Pero vayamos al año 1969 del pasado siglo. Mi tío Hilario ya pasaba de los ochenta y el obispado envió a tres jóvenes sacerdotes para que le ayudaran y se hicieran cargo de la parroquia. Venían de Maceda, de los Milagros, un lugar de sacerdotes progresistas. Los tres cercanos a la Teología de la Liberación. Que conste que admiro mucho a los sacerdotes que crearon esta teología. Me impresionó mucho el asesinato de Ignacio Ellacuría mientras daba misa en una iglesia de El Salvador. Había llegado a aquel país convulso para mediar entre la guerrilla y la presidencia por la paz y la convivencia.

Vayamos a los tres sacerdotes. Llegaron a Arzádegos como para hacer una urgente revolución. Mi tío era un cura como los de la época, tenía criada, posesiones y unos fieles tranquilos. Recuerdo el coro y sus pláticas sencillas y certeras. De inmediato, los tres pusieron el pueblo patas arriba. El pueblo se sorprendió porque no cobraban por ejemplo en los entierros y se mostraban cercanos a los jóvenes, con los que incluso jugaban y a los que regalaron camisetas de fútbol.

Pero lo que quiero contar es mi esperada cita con uno de ellos. Le quería pedir cuentas de algo que sucedió desde que llegaron al pueblo. Cómo es la vida, mi interlocutor y exsacerdote es Bieito Ledo, un editor de prestigio. Dirigió Galaxia y fundó una editorial clave para Galicia. Allí llevó a cabo su gran obra, la primera Enciclopedia Galega Universal.

En la comida comenzamos a hablar riendo: “Nuestras generaciones viven en la desesperación de asistir a los últimos años de la escritura”. Pronto fui al grano: “Te invito a hacer una reflexión de aquellos años. Quizás vuestra labor fue buena pero he de deciros que fuisteis muy despectivos con mi ya muy anciano tío. No le disteis comprensión ni caridad cristiana. Tengo para mí que escasas veces o nunca le visitasteis. Incluso alguno de vosotros tres lo atacó con saña. Aún hoy persiste como una oscura leyenda sobre mi tío en parte de la aldea”. Llegados a este punto, Bieito se queda pensativo y me dice: “Estuvimos dos años en Arzádegos. Después, los tres abandonamos el sacerdocio. Tengo que reflexionar, te invito a que vengas a mi pueblo, a mi casa en Padroso donde paso estos días”.
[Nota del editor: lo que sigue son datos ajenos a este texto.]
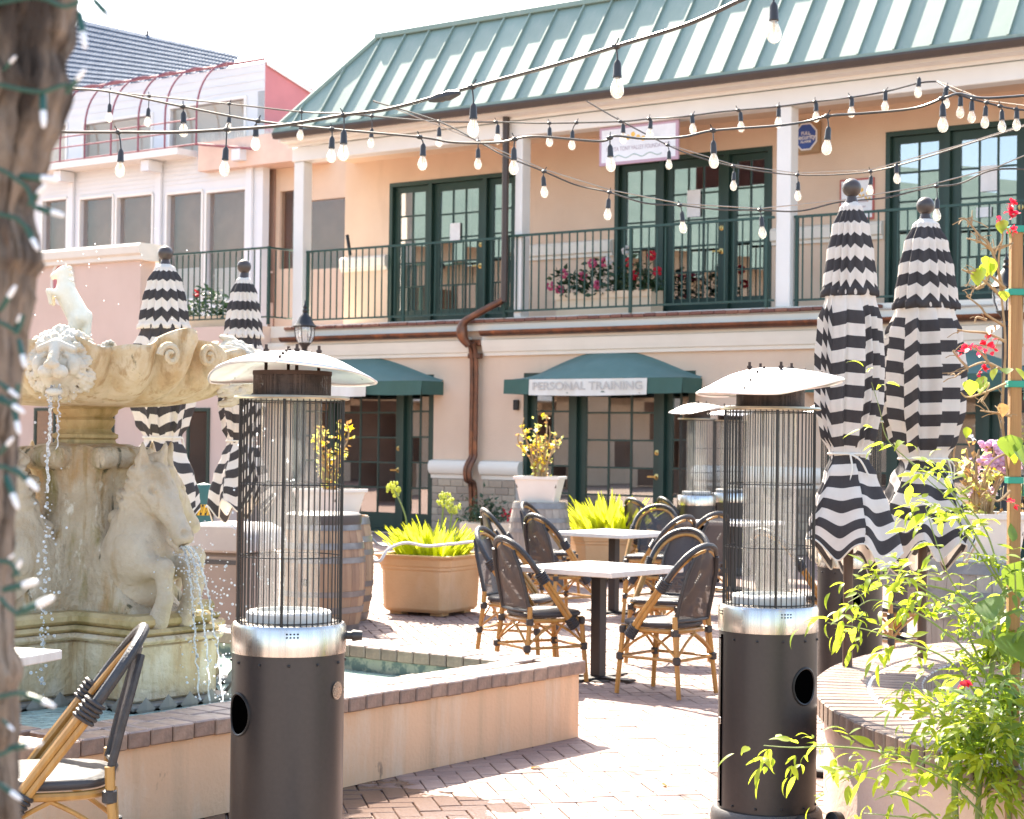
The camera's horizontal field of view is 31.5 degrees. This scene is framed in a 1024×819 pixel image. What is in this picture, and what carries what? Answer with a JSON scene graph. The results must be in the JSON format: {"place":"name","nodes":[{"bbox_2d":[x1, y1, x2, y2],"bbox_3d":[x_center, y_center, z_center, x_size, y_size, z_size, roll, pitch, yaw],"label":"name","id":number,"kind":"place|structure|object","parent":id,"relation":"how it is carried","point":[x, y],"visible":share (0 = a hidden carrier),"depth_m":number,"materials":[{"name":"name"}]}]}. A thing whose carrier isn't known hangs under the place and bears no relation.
{"place":"outdoors","nodes":[
{"label":"outdoors","id":0,"kind":"place"},
{"bbox_2d":[34,21,345,326],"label":"white building","id":1,"kind":"structure","parent":0,"point":[184,193],"depth_m":51.12,"materials":[{"name":"paint"}]},
{"bbox_2d":[40,196,67,250],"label":"window","id":2,"kind":"structure","parent":1,"relation":"in","point":[58,198],"depth_m":54.07,"materials":[{"name":"white paint"}]},
{"bbox_2d":[65,121,67,161],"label":"window","id":3,"kind":"structure","parent":1,"relation":"in","point":[66,124],"depth_m":54.85,"materials":[{"name":"white paint"}]},
{"bbox_2d":[78,194,114,247],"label":"window","id":4,"kind":"structure","parent":1,"relation":"in","point":[108,195],"depth_m":52.80,"materials":[{"name":"white paint"}]},
{"bbox_2d":[81,112,153,159],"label":"window","id":5,"kind":"structure","parent":1,"relation":"in","point":[151,113],"depth_m":53.44,"materials":[{"name":"white paint"}]},
{"bbox_2d":[114,192,153,244],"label":"window","id":6,"kind":"structure","parent":1,"relation":"in","point":[145,193],"depth_m":51.75,"materials":[{"name":"white paint"}]},
{"bbox_2d":[164,189,203,297],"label":"window","id":7,"kind":"structure","parent":1,"relation":"in","point":[191,270],"depth_m":50.80,"materials":[{"name":"white paint"}]},
{"bbox_2d":[168,95,246,148],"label":"window","id":8,"kind":"structure","parent":1,"relation":"in","point":[244,97],"depth_m":51.09,"materials":[{"name":"white paint"}]},
{"bbox_2d":[203,186,245,298],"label":"window","id":9,"kind":"structure","parent":1,"relation":"in","point":[220,281],"depth_m":50.01,"materials":[{"name":"white paint"}]},
{"bbox_2d":[196,483,213,522],"bbox_3d":[-2.587,1.203,15.181,0.250,1.180,0.250,1,-1,0],"label":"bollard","id":10,"kind":"object","parent":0,"point":[202,514],"visible":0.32,"depth_m":15.11,"materials":[{"name":"metal"}]},
{"bbox_2d":[79,0,572,89],"label":"sky","id":11,"kind":"structure","parent":0,"point":[308,40],"materials":[{"name":"white"}]},
{"bbox_2d":[63,0,781,176],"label":"string light","id":12,"kind":"object","parent":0,"point":[448,95],"visible":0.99,"depth_m":6.93,"materials":[{"name":"black rubber"}]},
{"bbox_2d":[75,77,935,146],"bbox_3d":[-0.373,-1.963,11.866,6.146,0.572,0.205,0,-1,13],"label":"string light","id":13,"kind":"object","parent":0,"point":[918,83],"visible":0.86,"depth_m":11.69,"materials":[{"name":"black rubber"}]},
{"bbox_2d":[74,88,1023,174],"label":"string light","id":14,"kind":"object","parent":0,"point":[942,114],"visible":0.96,"depth_m":8.54,"materials":[{"name":"black rubber"}]},
{"bbox_2d":[200,532,916,818],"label":"ground","id":15,"kind":"structure","parent":0,"point":[629,750],"depth_m":9.18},
{"bbox_2d":[16,647,61,666],"bbox_3d":[-2.246,1.284,6.729,0.800,0.740,0.800,0,-1,20],"label":"bistro table","id":16,"kind":"object","parent":15,"relation":"on","point":[31,656],"visible":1,"depth_m":6.88,"materials":[{"name":"white stone"}]},
{"bbox_2d":[0,0,78,818],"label":"tree trunk","id":17,"kind":"object","parent":15,"relation":"on","point":[38,39],"visible":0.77,"depth_m":2.03,"materials":[{"name":"brown plant"}]},
{"bbox_2d":[0,0,117,800],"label":"mini lights","id":18,"kind":"object","parent":17,"relation":"attached to","point":[16,329],"visible":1,"depth_m":1.97},
{"bbox_2d":[19,622,149,818],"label":"bistro chair","id":19,"kind":"object","parent":15,"relation":"on","point":[45,766],"visible":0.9,"depth_m":5.89,"materials":[{"name":"brown wood"}]},
{"bbox_2d":[18,243,292,521],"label":"terrace wing","id":20,"kind":"structure","parent":15,"relation":"on","point":[121,278],"depth_m":32.84,"materials":[{"name":"pink paint"}]},
{"bbox_2d":[33,408,55,444],"bbox_3d":[-8.929,1.159,34.619,0.631,2.380,0.040,0,-1,37],"label":"window","id":21,"kind":"structure","parent":20,"relation":"in","point":[41,415],"depth_m":34.69,"materials":[{"name":"grey glass"}]},
{"bbox_2d":[186,408,209,483],"bbox_3d":[-5.558,0.746,32.091,0.577,1.550,0.040,0,-1,37],"label":"window","id":22,"kind":"structure","parent":20,"relation":"in","point":[198,431],"depth_m":32.07,"materials":[{"name":"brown glass"}]},
{"bbox_2d":[189,283,228,326],"bbox_3d":[-5.339,-1.855,32.502,1.832,0.807,0.822,0,-1,37],"label":"flower box","id":23,"kind":"object","parent":20,"relation":"on","point":[207,323],"visible":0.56,"depth_m":32.50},
{"bbox_2d":[130,246,200,514],"bbox_3d":[-2.151,0.363,11.087,0.566,2.734,0.540,2,-1,-40],"label":"patio umbrella","id":24,"kind":"object","parent":15,"relation":"on","point":[164,301],"visible":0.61,"depth_m":11.02,"materials":[{"name":"multicoloured fabric"}]},
{"bbox_2d":[181,521,286,624],"bbox_3d":[-1.970,1.272,12.580,0.620,0.970,0.580,0,-1,20],"label":"planter","id":25,"kind":"object","parent":15,"relation":"on","point":[221,537],"visible":0.32,"depth_m":12.32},
{"bbox_2d":[206,260,275,619],"bbox_3d":[-1.762,0.384,11.795,0.540,2.724,0.540,1,-1,-20],"label":"patio umbrella","id":26,"kind":"object","parent":15,"relation":"on","point":[243,321],"visible":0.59,"depth_m":11.72,"materials":[{"name":"multicoloured fabric"}]},
{"bbox_2d":[208,344,377,818],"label":"patio heater","id":27,"kind":"object","parent":15,"relation":"on","point":[287,715],"visible":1,"depth_m":6.33,"materials":[{"name":"metal"}]},
{"bbox_2d":[19,624,585,818],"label":"fountain basin","id":28,"kind":"object","parent":15,"relation":"on","point":[430,707],"visible":0.59,"depth_m":8.49,"materials":[{"name":"paint"}]},
{"bbox_2d":[13,324,268,713],"bbox_3d":[-2.191,0.620,9.279,1.719,2.032,1.715,0,-1,37],"label":"stone fountain","id":29,"kind":"object","parent":28,"relation":"on","point":[122,512],"visible":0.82,"depth_m":8.87,"materials":[{"name":"stone"}]},
{"bbox_2d":[45,385,52,492],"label":"water stream","id":30,"kind":"structure","parent":29,"relation":"attached to","point":[49,437],"depth_m":8.35,"materials":[{"name":"clear liquid"}]},
{"bbox_2d":[55,386,59,449],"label":"water stream","id":31,"kind":"structure","parent":29,"relation":"attached to","point":[58,420],"depth_m":8.37,"materials":[{"name":"clear liquid"}]},
{"bbox_2d":[46,262,92,337],"bbox_3d":[-2.274,-0.463,9.297,0.291,0.582,0.291,1,-1,0],"label":"horse figurine","id":32,"kind":"object","parent":29,"relation":"on","point":[76,311],"visible":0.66,"depth_m":9.26,"materials":[{"name":"stone"}]},
{"bbox_2d":[180,546,201,699],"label":"water stream","id":33,"kind":"structure","parent":29,"relation":"attached to","point":[189,571],"depth_m":8.75,"materials":[{"name":"clear liquid"}]},
{"bbox_2d":[185,546,210,700],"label":"water stream","id":34,"kind":"structure","parent":29,"relation":"attached to","point":[197,577],"depth_m":8.74,"materials":[{"name":"clear liquid"}]},
{"bbox_2d":[187,545,223,700],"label":"water stream","id":35,"kind":"structure","parent":29,"relation":"attached to","point":[204,576],"depth_m":8.72,"materials":[{"name":"clear liquid"}]},
{"bbox_2d":[20,655,399,728],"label":"water","id":36,"kind":"structure","parent":28,"relation":"in","point":[47,717],"depth_m":8.62,"materials":[{"name":"liquid"}]},
{"bbox_2d":[29,228,294,703],"bbox_3d":[-1.661,0.308,8.721,1.579,2.446,0.970,1,-1,0],"label":"water spray","id":37,"kind":"object","parent":36,"relation":"on","point":[41,679],"visible":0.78,"depth_m":8.56,"materials":[{"name":"clear liquid"}]},
{"bbox_2d":[293,300,316,488],"bbox_3d":[-2.475,0.301,21.497,0.281,3.198,0.281,1,-1,0],"label":"lantern lamp","id":38,"kind":"object","parent":15,"relation":"on","point":[304,320],"visible":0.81,"depth_m":21.47,"materials":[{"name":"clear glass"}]},
{"bbox_2d":[283,511,365,630],"bbox_3d":[-1.528,1.313,14.680,0.684,0.970,0.684,2,-1,-40],"label":"wine barrel","id":39,"kind":"object","parent":15,"relation":"on","point":[353,579],"visible":0.54,"depth_m":14.43,"materials":[{"name":"brown wood"}]},
{"bbox_2d":[292,488,367,511],"bbox_3d":[-1.579,0.813,15.688,0.494,0.250,0.494,0,-1,30],"label":"flower pot","id":40,"kind":"object","parent":39,"relation":"on","point":[352,500],"visible":0.58,"depth_m":15.54,"materials":[{"name":"ceramic"}]},
{"bbox_2d":[311,419,354,489],"bbox_3d":[-1.554,0.425,15.713,0.382,0.695,0.508,1,-1,0],"label":"flowering plant","id":41,"kind":"object","parent":40,"relation":"on","point":[348,428],"visible":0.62,"depth_m":15.66,"materials":[{"name":"yellow plant"}]},
{"bbox_2d":[360,515,373,620],"bbox_3d":[-1.536,1.364,15.679,0.684,0.900,0.684,1,-1,-10],"label":"wine barrel","id":42,"kind":"object","parent":15,"relation":"on","point":[368,548],"visible":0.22,"depth_m":15.56,"materials":[{"name":"brown wood"}]},
{"bbox_2d":[372,537,387,546],"bbox_3d":[-1.167,1.126,15.683,0.187,0.128,0.012,1,-1,0],"label":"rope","id":43,"kind":"object","parent":42,"relation":"hanging from","point":[376,543],"visible":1,"depth_m":15.68,"materials":[{"name":"white fabric"}]},
{"bbox_2d":[374,540,497,607],"bbox_3d":[-0.659,1.451,15.871,1.223,0.618,0.220,1,-1,-23],"label":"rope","id":44,"kind":"object","parent":42,"relation":"hanging from","point":[419,545],"visible":0.64,"depth_m":15.81,"materials":[{"name":"fabric"}]},
{"bbox_2d":[373,551,478,616],"bbox_3d":[-0.732,1.565,16.376,0.840,0.538,0.840,0,-1,27],"label":"lily planter","id":45,"kind":"object","parent":15,"relation":"on","point":[441,586],"visible":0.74,"depth_m":16.08,"materials":[{"name":"ceramic"}]},
{"bbox_2d":[374,481,482,555],"bbox_3d":[-0.750,1.003,16.402,1.002,0.704,1.000,0,-1,27],"label":"lily plant","id":46,"kind":"object","parent":45,"relation":"on","point":[426,535],"visible":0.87,"depth_m":16.22,"materials":[{"name":"green plant"}]},
{"bbox_2d":[452,483,511,551],"bbox_3d":[-0.366,1.476,24.464,1.267,1.000,0.630,1,-1,0],"label":"planter box","id":47,"kind":"object","parent":15,"relation":"on","point":[475,513],"visible":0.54,"depth_m":24.42,"materials":[{"name":"green plant"}]},
{"bbox_2d":[479,507,543,613],"bbox_3d":[-0.018,1.370,16.567,0.558,0.951,0.505,1,-1,-15],"label":"bistro chair","id":48,"kind":"object","parent":15,"relation":"on","point":[486,517],"visible":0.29,"depth_m":16.38,"materials":[{"name":"black wicker"}]},
{"bbox_2d":[473,526,558,657],"bbox_3d":[0.012,1.309,12.897,0.558,0.951,0.505,0,-1,20],"label":"bistro chair","id":49,"kind":"object","parent":15,"relation":"on","point":[483,545],"visible":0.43,"depth_m":12.82,"materials":[{"name":"brown wood"}]},
{"bbox_2d":[508,501,570,585],"bbox_3d":[0.298,1.455,19.779,0.684,0.900,0.684,1,-1,-10],"label":"wine barrel","id":50,"kind":"object","parent":15,"relation":"on","point":[555,514],"visible":0.37,"depth_m":19.55,"materials":[{"name":"grey wood"}]},
{"bbox_2d":[513,476,566,502],"bbox_3d":[0.305,0.879,19.788,0.514,0.300,0.514,0,-1,12],"label":"flower pot","id":51,"kind":"object","parent":50,"relation":"on","point":[547,489],"visible":0.92,"depth_m":19.58,"materials":[{"name":"ceramic"}]},
{"bbox_2d":[515,413,563,476],"bbox_3d":[0.327,0.443,19.837,0.476,0.820,0.475,1,-1,-40],"label":"flowering plant","id":52,"kind":"object","parent":51,"relation":"on","point":[540,468],"visible":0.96,"depth_m":19.79,"materials":[{"name":"yellow plant"}]},
{"bbox_2d":[492,535,588,681],"bbox_3d":[0.159,1.293,11.857,0.558,0.951,0.505,1,-1,-28],"label":"bistro chair","id":53,"kind":"object","parent":15,"relation":"on","point":[516,601],"visible":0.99,"depth_m":11.72,"materials":[{"name":"wicker"}]},
{"bbox_2d":[520,501,579,593],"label":"bistro chair","id":54,"kind":"object","parent":15,"relation":"on","point":[526,508],"visible":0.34,"depth_m":18.26,"materials":[{"name":"brown wood"}]},
{"bbox_2d":[523,513,590,607],"bbox_3d":[0.385,1.358,15.551,0.558,0.951,0.505,1,-1,-35],"label":"bistro chair","id":55,"kind":"object","parent":15,"relation":"on","point":[538,546],"visible":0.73,"depth_m":15.40,"materials":[{"name":"brown wood"}]},
{"bbox_2d":[521,561,682,681],"bbox_3d":[0.572,1.406,11.978,0.800,0.740,0.800,0,-1,40],"label":"bistro table","id":56,"kind":"object","parent":15,"relation":"on","point":[599,573],"visible":0.88,"depth_m":11.94,"materials":[{"name":"white stone"}]},
{"bbox_2d":[570,528,638,580],"bbox_3d":[1.087,1.647,20.576,1.090,0.558,1.090,1,-1,-10],"label":"lily planter","id":57,"kind":"object","parent":15,"relation":"on","point":[590,549],"visible":0.08,"depth_m":20.10,"materials":[{"name":"ceramic"}]},
{"bbox_2d":[568,490,656,529],"bbox_3d":[1.121,1.157,20.612,1.281,0.546,1.316,1,-1,-10],"label":"lily plant","id":58,"kind":"object","parent":57,"relation":"on","point":[599,515],"visible":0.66,"depth_m":20.26,"materials":[{"name":"green plant"}]},
{"bbox_2d":[553,529,660,614],"bbox_3d":[0.931,1.487,16.578,0.800,0.740,0.800,0,-1,40],"label":"bistro table","id":59,"kind":"object","parent":15,"relation":"on","point":[614,536],"visible":0.78,"depth_m":16.53,"materials":[{"name":"white stone"}]},
{"bbox_2d":[622,497,659,584],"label":"bistro chair","id":60,"kind":"object","parent":15,"relation":"on","point":[632,507],"visible":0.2,"depth_m":20.05,"materials":[{"name":"black wicker"}]},
{"bbox_2d":[622,504,677,601],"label":"bistro chair","id":61,"kind":"object","parent":15,"relation":"on","point":[656,519],"visible":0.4,"depth_m":18.03,"materials":[{"name":"black wicker"}]},
{"bbox_2d":[621,514,696,622],"bbox_3d":[1.296,1.371,15.646,0.558,0.951,0.505,0,-1,42],"label":"bistro chair","id":62,"kind":"object","parent":15,"relation":"on","point":[678,522],"visible":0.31,"depth_m":15.49,"materials":[{"name":"brown wood"}]},
{"bbox_2d":[614,543,718,699],"bbox_3d":[0.992,1.294,11.300,0.558,0.951,0.505,0,-1,38],"label":"bistro chair","id":63,"kind":"object","parent":15,"relation":"on","point":[694,604],"visible":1,"depth_m":11.17,"materials":[{"name":"brown wood"}]},
{"bbox_2d":[624,527,710,662],"bbox_3d":[1.128,1.323,12.921,0.505,0.951,0.558,0,-1,34],"label":"bistro chair","id":64,"kind":"object","parent":15,"relation":"on","point":[678,547],"visible":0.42,"depth_m":13.09,"materials":[{"name":"black wicker"}]},
{"bbox_2d":[656,496,679,564],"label":"bistro chair","id":65,"kind":"object","parent":15,"relation":"on","point":[662,500],"visible":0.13,"depth_m":20.39,"materials":[{"name":"brown wood"}]},
{"bbox_2d":[659,511,729,612],"bbox_3d":[1.695,1.391,16.541,0.505,0.951,0.558,2,-1,-40],"label":"bistro chair","id":66,"kind":"object","parent":15,"relation":"on","point":[712,530],"visible":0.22,"depth_m":16.36,"materials":[{"name":"black wicker"}]},
{"bbox_2d":[668,401,723,581],"bbox_3d":[2.070,0.918,20.389,0.649,2.029,0.649,0,-1,20],"label":"patio heater","id":67,"kind":"object","parent":15,"relation":"on","point":[698,505],"visible":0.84,"depth_m":20.25,"materials":[{"name":"silver metal"}]},
{"bbox_2d":[711,403,752,574],"bbox_3d":[2.586,0.945,21.587,0.649,2.029,0.649,1,-1,-20],"label":"patio heater","id":68,"kind":"object","parent":15,"relation":"on","point":[718,493],"visible":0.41,"depth_m":21.44,"materials":[{"name":"black metal"}]},
{"bbox_2d":[696,519,784,591],"bbox_3d":[2.327,1.548,19.177,0.800,0.740,0.800,0,-1,40],"label":"bistro table","id":69,"kind":"object","parent":15,"relation":"on","point":[736,549],"visible":0.38,"depth_m":19.13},
{"bbox_2d":[695,362,844,818],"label":"patio heater","id":70,"kind":"object","parent":15,"relation":"on","point":[767,682],"visible":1,"depth_m":7.26,"materials":[{"name":"black metal"}]},
{"bbox_2d":[750,528,816,604],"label":"bistro chair","id":71,"kind":"object","parent":15,"relation":"on","point":[779,574],"visible":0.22,"depth_m":13.20,"materials":[{"name":"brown wood"}]},
{"bbox_2d":[803,405,883,676],"bbox_3d":[2.104,0.833,11.291,0.607,1.896,0.606,2,-1,-40],"label":"patio heater","id":72,"kind":"object","parent":15,"relation":"on","point":[827,577],"visible":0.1,"depth_m":11.14,"materials":[{"name":"black metal"}]},
{"bbox_2d":[806,178,903,777],"bbox_3d":[1.626,0.309,8.746,0.540,2.854,0.540,1,-1,-10],"label":"patio umbrella","id":73,"kind":"object","parent":15,"relation":"on","point":[853,515],"visible":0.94,"depth_m":8.65,"materials":[{"name":"multicoloured fabric"}]},
{"bbox_2d":[717,361,1023,818],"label":"jasmine vine","id":74,"kind":"object","parent":15,"relation":"on","point":[988,716],"visible":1,"depth_m":6.00,"materials":[{"name":"green plant"}]},
{"bbox_2d":[817,638,1023,818],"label":"round planter","id":75,"kind":"object","parent":15,"relation":"on","point":[849,699],"visible":0.58,"depth_m":7.30,"materials":[{"name":"paint"}]},
{"bbox_2d":[882,197,976,657],"bbox_3d":[2.067,0.336,9.134,0.548,2.824,0.566,0,-1,15],"label":"patio umbrella","id":76,"kind":"object","parent":15,"relation":"on","point":[924,410],"visible":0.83,"depth_m":9.03,"materials":[{"name":"multicoloured fabric"}]},
{"bbox_2d":[927,558,1023,643],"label":"wine barrel","id":77,"kind":"object","parent":15,"relation":"on","point":[969,572],"visible":0.2,"depth_m":10.41,"materials":[{"name":"grey wood"}]},
{"bbox_2d":[956,511,1023,562],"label":"flower pot","id":78,"kind":"object","parent":77,"relation":"on","point":[997,534],"visible":0.16,"depth_m":10.45,"materials":[{"name":"ceramic"}]},
{"bbox_2d":[952,434,1022,513],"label":"flowering plant","id":79,"kind":"object","parent":78,"relation":"in","point":[977,498],"visible":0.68,"depth_m":10.62,"materials":[{"name":"pink plant"}]},
{"bbox_2d":[989,251,1008,511],"bbox_3d":[3.670,0.328,13.497,0.251,3.026,0.251,1,-1,0],"label":"lantern lamp","id":80,"kind":"object","parent":15,"relation":"on","point":[1004,271],"visible":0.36,"depth_m":13.48,"materials":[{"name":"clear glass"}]},
{"bbox_2d":[1004,225,1023,818],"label":"wooden stake","id":81,"kind":"object","parent":15,"relation":"on","point":[1014,480],"visible":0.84,"depth_m":6.08,"materials":[{"name":"brown wood"}]},
{"bbox_2d":[942,198,1023,688],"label":"bougainvillea","id":82,"kind":"object","parent":81,"relation":"attached to","point":[1011,447],"visible":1,"depth_m":6.00,"materials":[{"name":"green plant"}]},
{"bbox_2d":[267,0,1023,558],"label":"courtyard building","id":83,"kind":"structure","parent":0,"point":[451,260],"depth_m":28.49,"materials":[{"name":"paint"}]},
{"bbox_2d":[338,395,399,528],"bbox_3d":[-2.416,0.741,30.467,1.462,2.471,0.112,0,-1,37],"label":"french door","id":84,"kind":"structure","parent":83,"relation":"in","point":[377,519],"depth_m":30.35,"materials":[{"name":"green paint"}]},
{"bbox_2d":[331,358,443,396],"bbox_3d":[-2.783,-0.552,30.302,3.754,0.709,0.584,0,-1,37],"label":"awning","id":85,"kind":"object","parent":83,"relation":"attached to","point":[391,377],"visible":0.38,"depth_m":29.61,"materials":[{"name":"teal fabric"}]},
{"bbox_2d":[433,180,481,319],"bbox_3d":[-0.920,-2.695,31.158,1.102,2.441,0.112,0,-1,37],"label":"french door","id":86,"kind":"structure","parent":83,"relation":"in","point":[454,227],"depth_m":31.24,"materials":[{"name":"green paint"}]},
{"bbox_2d":[513,400,518,409],"bbox_3d":[0.065,-0.072,28.476,0.090,0.160,0.059,0,-1,37],"label":"door sensor","id":87,"kind":"object","parent":83,"relation":"attached to","point":[515,404],"depth_m":28.45,"materials":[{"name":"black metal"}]},
{"bbox_2d":[503,353,701,395],"bbox_3d":[1.317,-0.554,27.213,3.221,0.709,0.584,0,-1,37],"label":"awning","id":88,"kind":"object","parent":83,"relation":"attached to","point":[602,374],"visible":1,"depth_m":26.98,"materials":[{"name":"teal fabric"}]},
{"bbox_2d":[547,245,663,315],"bbox_3d":[1.483,-1.965,27.859,2.102,1.039,0.723,0,-1,40],"label":"flower box","id":89,"kind":"object","parent":83,"relation":"on","point":[635,295],"visible":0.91,"depth_m":27.76,"materials":[{"name":"plant"}]},
{"bbox_2d":[578,377,658,512],"bbox_3d":[1.618,0.739,27.429,1.482,2.471,0.112,0,-1,37],"label":"french door","id":90,"kind":"structure","parent":83,"relation":"in","point":[583,412],"depth_m":27.57,"materials":[{"name":"green paint"}]},
{"bbox_2d":[599,119,679,166],"bbox_3d":[1.906,-4.054,27.285,1.412,0.688,0.054,0,-1,37],"label":"hanging sign","id":91,"kind":"object","parent":83,"relation":"hanging from","point":[629,151],"visible":0.86,"depth_m":27.25,"materials":[{"name":"white metal"}]},
{"bbox_2d":[665,156,723,310],"bbox_3d":[2.858,-2.697,28.312,1.082,2.441,0.112,0,-1,37],"label":"french door","id":92,"kind":"structure","parent":83,"relation":"in","point":[693,196],"depth_m":28.37,"materials":[{"name":"green paint"}]},
{"bbox_2d":[798,120,820,154],"bbox_3d":[4.402,-4.052,27.035,0.431,0.478,0.105,0,-1,37],"label":"alarm box","id":93,"kind":"object","parent":83,"relation":"attached to","point":[809,137],"visible":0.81,"depth_m":26.96,"materials":[{"name":"blue metal"}]},
{"bbox_2d":[840,177,874,218],"bbox_3d":[5.050,-3.079,26.560,0.554,0.611,0.044,0,-1,37],"label":"wall poster","id":94,"kind":"object","parent":83,"relation":"attached to","point":[868,205],"depth_m":26.46,"materials":[{"name":"white paper"}]},
{"bbox_2d":[805,350,1023,391],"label":"awning","id":95,"kind":"object","parent":83,"relation":"attached to","point":[972,357],"visible":0.09,"depth_m":23.51,"materials":[{"name":"teal fabric"}]},
{"bbox_2d":[952,373,982,507],"bbox_3d":[5.755,0.737,24.311,1.202,2.471,0.112,0,-1,37],"label":"french door","id":96,"kind":"structure","parent":83,"relation":"in","point":[978,414],"depth_m":24.02,"materials":[{"name":"green paint"}]},
{"bbox_2d":[951,125,1023,299],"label":"french door","id":97,"kind":"structure","parent":83,"relation":"in","point":[989,181],"depth_m":25.51,"materials":[{"name":"green paint"}]},
{"bbox_2d":[373,100,1023,238],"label":"string light","id":98,"kind":"object","parent":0,"point":[680,205],"visible":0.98,"depth_m":10.61,"materials":[{"name":"plastic"}]},
{"bbox_2d":[586,101,1023,199],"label":"string light","id":99,"kind":"object","parent":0,"point":[870,171],"visible":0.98,"depth_m":11.97,"materials":[{"name":"plastic"}]},
{"bbox_2d":[882,576,916,642],"bbox_3d":[3.130,1.481,14.578,0.800,0.740,0.800,0,-1,38],"label":"bistro table","id":100,"kind":"object","parent":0,"point":[903,629],"visible":0.16,"depth_m":14.54,"materials":[{"name":"metal"}]},
{"bbox_2d":[882,554,932,648],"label":"bistro chair","id":101,"kind":"object","parent":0,"point":[893,609],"visible":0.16,"depth_m":12.33,"materials":[{"name":"brown wood"}]},
{"bbox_2d":[936,80,1023,130],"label":"string light","id":102,"kind":"object","parent":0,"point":[1016,109],"visible":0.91,"depth_m":10.34,"materials":[{"name":"plastic"}]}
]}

Cuando visito su tumba me desazona una intensa melancolía. Cierto es que en su entierro yo era muy joven y, recordando a Jorge Manrique, le recité un poema parando el cortejo ante la mirada sorprendida de altos prebostes.

(Allá me fui a Padroso con el fotógrafo Plácido L. Rodríguez, a quien acaba de editarle “O río Arnoia”, un deslumbrante libro de fotografías desde el nacimiento hasta la desembocadura del río. Al llegar a su casa que da al camino de los peregrinos, recordé el consejo de Eurípides: “Las cosas graves se expresan brevemente”. Conque allí nos preparó una comida con productos de sus huertas. Bebimos buen licor café. Paseamos por aquel paraje lleno de misterio, abrazamos un “castiñeiro” de cientos de años. Después, ya a la puerta del coche me dijo: “Cuando llegamos a Arzádegos en el 69 éramos muy jóvenes y rebeldes. Cierto es, creo que ni siquiera visité a tu tío en los dos años que estuve allí. Ay, no le dimos calor ni comprensión”.

El coche arranca. Ahora asoman sus ojos sabios: “¿Sabes? Cuánto me gustaría creer, pero ya no creo. Te prometo que iré a Arzádegos… a rescatarlo”).